The CompleteAsync(string, BackChannelAuthenticationRequest, TimeSpan) method automatically handles mode-specific behavior based on the client's registered backchannel_token_delivery_mode:

  • Poll Mode: Stores tokens in IBackChannelRequestStorage. Client polls the token endpoint with auth_req_id until tokens are ready.
  • Ping Mode: Stores tokens and sends HTTP POST notification via INotificationDeliveryService to the client's client_notification_endpoint with the auth_req_id. Client then retrieves tokens from the token endpoint.
  • Push Mode: Generates tokens via ITokenRequestProcessor and delivers them directly via INotificationDeliveryService to the client's client_notification_endpoint. Tokens are removed from storage after successful delivery per CIBA specification section 10.3.1.
Additional Key Points:
  • Binding Message: Display request.Model.BindingMessage to user for transaction confirmation
  • User Code: If request.Model.UserCode is present, require user to confirm it
  • Authentication: All notifications use Bearer token from client_notification_token
Security contract — user_code verification (CIBA Core 1.0 §7.1):

The library validates only the presence of user_code when the provider and client require it (see UserCodeValidator); it deliberately does not — and cannot — verify the code's value, because the secret is known only to the end-user and the user's authentication device, which this handler owns. Your implementation therefore MUST verify request.Model.UserCode against the user's actual code as part of the device interaction, and MUST NOT return a successful AuthSession unless that check passed. A wrong or absent code MUST resolve to a failed Abblix.Utils.Result<> (typically access_denied). Treating presence-validation as sufficient leaves the code unenforced and defeats its purpose.

Methods

IUserDeviceAuthenticationHandler.InitiateAuthenticationAsync(ValidBackChannelAuthenticationRequest) Method

Initiates the authentication process for the user on their device, based on a validated backchannel authentication request. This may involve sending a notification to the user's device, starting an out-of-band authentication process, or performing other steps required to authenticate the user asynchronously.

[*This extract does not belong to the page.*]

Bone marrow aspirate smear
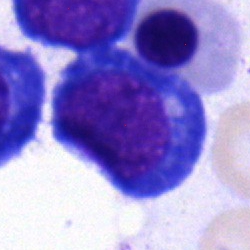 This is a proerythroblast.

System.Threading.Tasks.Task<Abblix.Utils.Result<Abblix.Oidc.Server.Features.UserAuthentication.AuthSession,Abblix.Oidc.Server.Common.OidcError>> InitiateAuthenticationAsync(Abblix.Oidc.Server.Endpoints.BackChannelAuthentication.Interfaces.ValidBackChannelAuthenticationRequest request);

Parameters

request ValidBackChannelAuthenticationRequest

The validated backchannel authentication request containing user and client information required to initiate the authentication process.

Returns

System.Threading.Tasks.Task<Abblix.Utils.Result<AuthSession,OidcError>>
A System.Threading.Tasks.Task representing the asynchronous operation to initiate the authentication process.